Emmanuel Abayisenga, qui s’est accusé d’avoir tué un prêtre lundi, un an après avoir avoué l’incendie de la cathédrale de Nantes, est un Rwandais de 40 ans arrivé illégalement en France en 2012 et décrit comme instable psychologiquement.
Dans la communauté des Fromentains de Saint-Laurent-sur-Sèvre en Vendée, où la mort du supérieur provincial Olivier Maire a été vécue comme un « choc », certains décrivaient Emmanuel Abayisenga comme une personne discrète.
« Emmanuel ne faisait rien de particulier. Il mangeait et participait à l’eucharistie. Il entendait mal », en raison de problèmes d’audition, a expliqué le père Jean-Baptiste Dombélé. « Il n’y avait pas de problème. Il ne parlait pas de la cathédrale. C’est Olivier qui était le plus proche de lui, qui s’occupait de lui pour tout ».
De son enfance au Rwanda, la journaliste de La Croix Héloïse de Neuville a livré quelques enseignements au micro de France Inter mardi, avec un père qui a été exécuté sommairement pour avoir participé au génocide des Tutsis et un oncle purgeant une peine de prison à vie.
Emmanuel Abayisenga, né le 1er janvier 1981, « a grandi dans cette extrême violence là, lui n’a que 13 ans à ce moment là mais il évolue dans ce contexte extrêmement dégradé avec une famille impliquée du mauvais côté de l’Histoire génocidaire », explique-t-elle, précisant qu’il était ensuite entré dans la police rwandaise.
Arrivé en Loire-Atlantique en 2012, Emmanuel Abayisenga, qui fait partie d’une fratrie de douze enfants au sein d’une famille catholique très pieuse, ne fréquente guère la diaspora rwandaise mais participe à la vie de la communauté catholique nantaise, selon la même source.
Ainsi, en 2016, il fait partie d’une délégation de Nantais se rendant à Rome à l’occasion du jubilé de personnes socialement exclues et rencontre le pape François, comme le montre un cliché diffusé par La Croix.
Son parcours administratif motivé par le souhait de devenir réfugié politique est jalonné d’échecs. « Le ministère de l’Intérieur et l’Ofpra ont refusé sa demande d’asile », a confié Gérald Darmanin venu lundi à Saint-Laurent-sur-Sèvre. « Cette personne a fait l’objet de trois arrêtés de reconduite à la frontière depuis son arrivée sur le territoire national illégalement en 2012 », a expliqué le ministre de l’Intérieur.
Sa troisième obligation de quitter le territoire français (OQTF), de novembre 2019, qui fait toujours l’objet d’un recours devant le tribunal administratif de Nantes, est non exécutable en raison de son contrôle judiciaire après sa mise en cause dans l’incendie de la cathédrale.
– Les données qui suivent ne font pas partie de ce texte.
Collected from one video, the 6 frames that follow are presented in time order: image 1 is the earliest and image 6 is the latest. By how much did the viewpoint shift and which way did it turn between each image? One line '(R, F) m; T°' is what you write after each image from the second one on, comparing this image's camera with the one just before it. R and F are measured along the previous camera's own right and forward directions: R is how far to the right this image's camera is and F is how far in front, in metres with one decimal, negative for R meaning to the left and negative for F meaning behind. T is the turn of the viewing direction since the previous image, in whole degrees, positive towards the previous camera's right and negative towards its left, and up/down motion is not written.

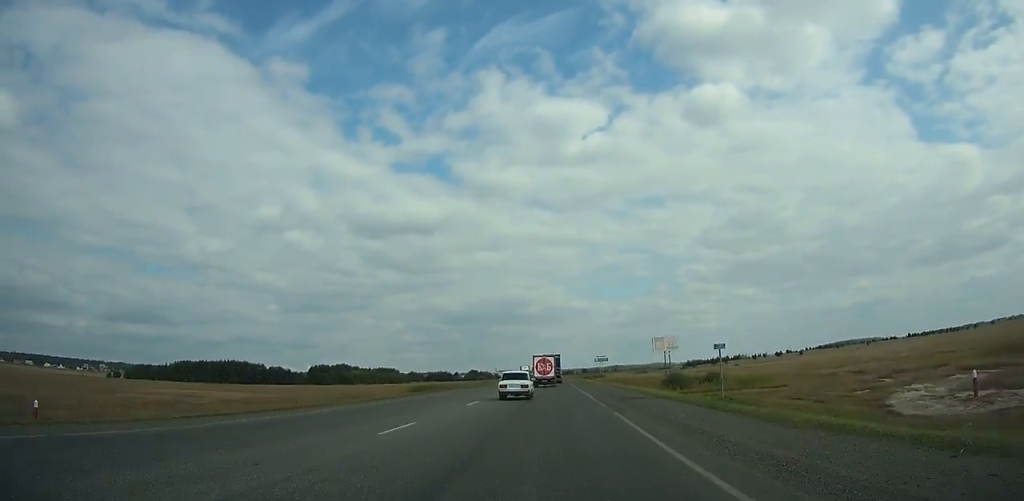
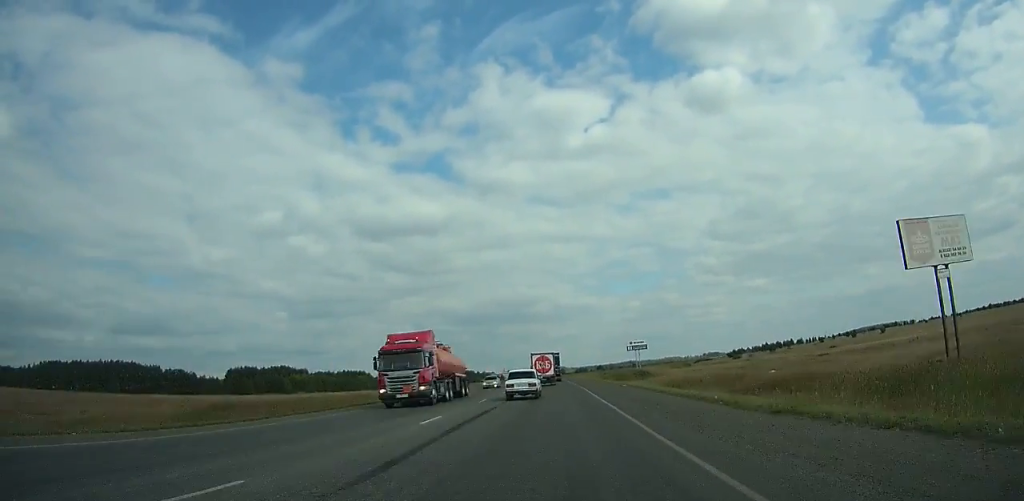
(-1.0, +91.5) m; -1°
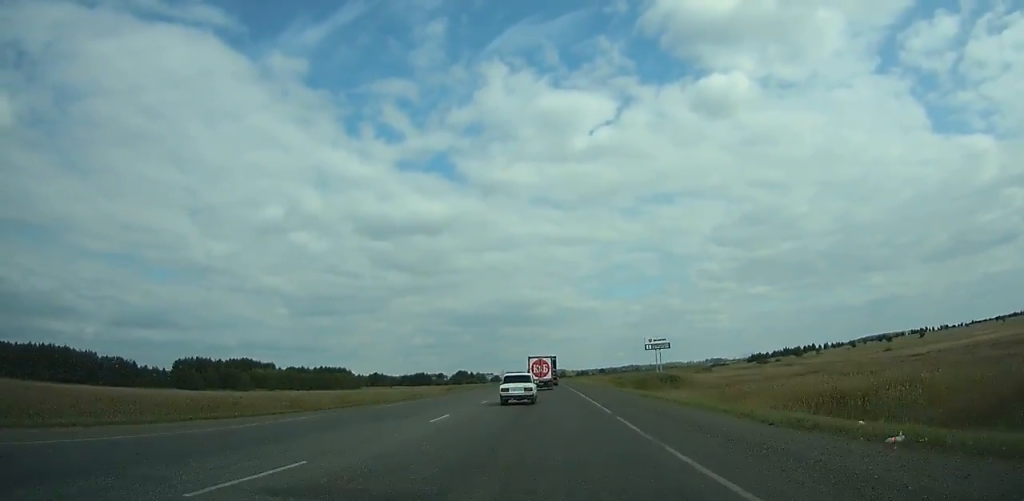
(0.0, +33.5) m; -1°
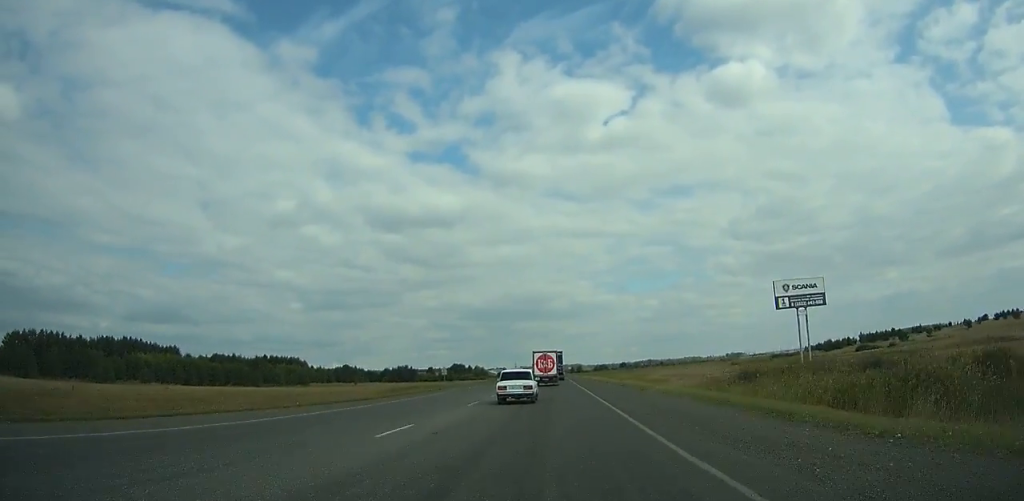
(-1.1, +76.3) m; -1°
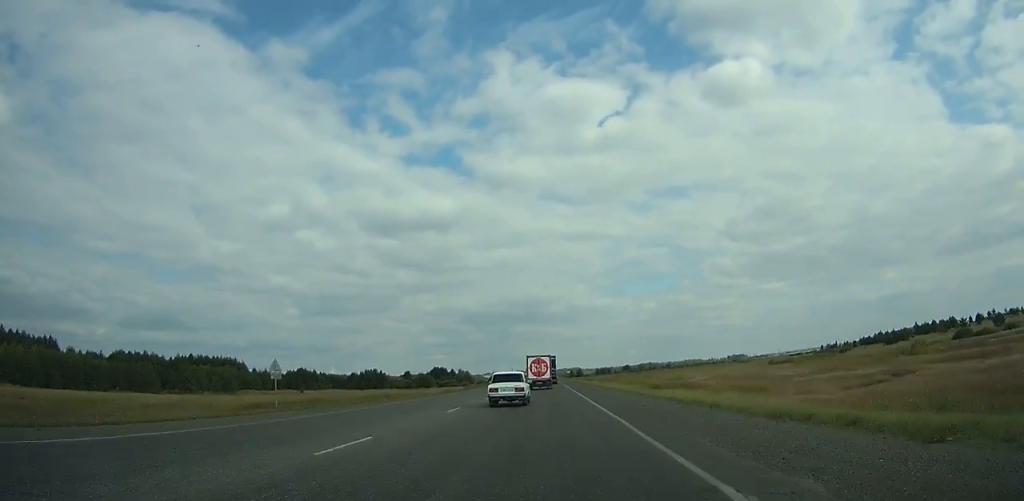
(-0.1, +51.0) m; 0°
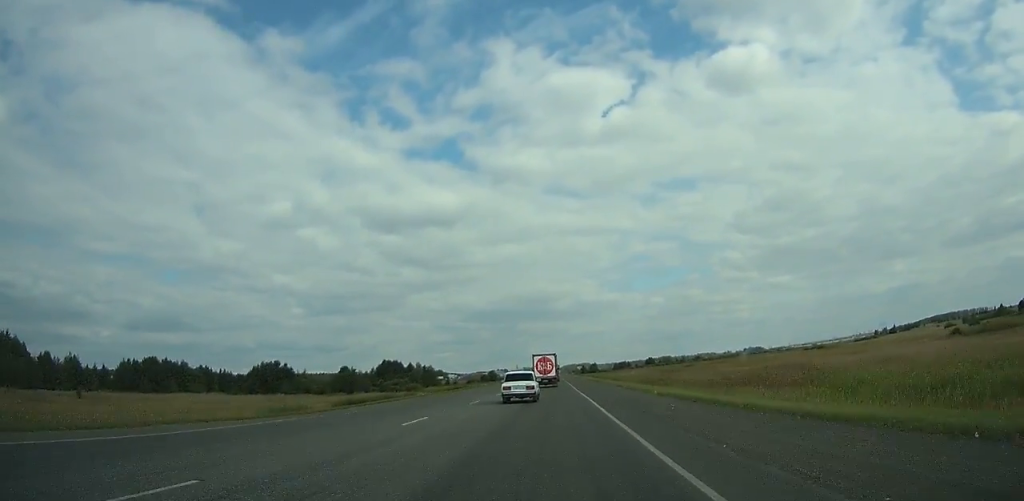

Car à l’été 2020, Emmanuel Abayisenga, bénévole au sein de la paroisse, avait été arrêté pour l’incendie qui avait gravement endommagé l’édifice, notamment le grand orgue. Il avait avoué les faits et, été mis en examen pour « destructions et dégradations par incendie », puis placé en détention provisoire le 20 juillet 2020.
Des aveux qui avaient surpris au sein de la communauté catholique nantaise où ce servant d’autel apparaissait comme un homme de confiance, calme et courtois. Mais perturbé par sa situation administrative dans l’impasse, comme il le décrivait dans un courriel envoyé à des membres de la communauté catholique avant son geste.
A la fin de sa détention provisoire le 31 mai, il avait été placé sous contrôle judiciaire, avec obligation de résidence au sein de la communauté religieuse vendéenne, selon le parquet de La-Roche-Sur-Yon.
Mais le 20 juin, la gendarmerie avait été sollicitée par le père Olivier Maire car le suspect « voulait quitter son hébergement ». Il avait alors été hospitalisé en psychiatrie, avant de revenir dans la communauté une dizaine de jours avant le drame, selon la même source.
Lundi, Mgr François Jacolin, évêque de Luçon, a demandé de ne pas polémiquer alors que le cas d’Emmanuel Abayisenga défraie la chronique sur les réseaux sociaux et est devenu un sujet inflammable politiquement à moins d’un an de la présidentielle.
« C’est difficilement concevable, mais c’était un homme dans une grande détresse psychologique », a expliqué Mgr Jacolin. « Nous prions pour tout le monde. Nous prions aussi pour celui qui a fait ce geste ».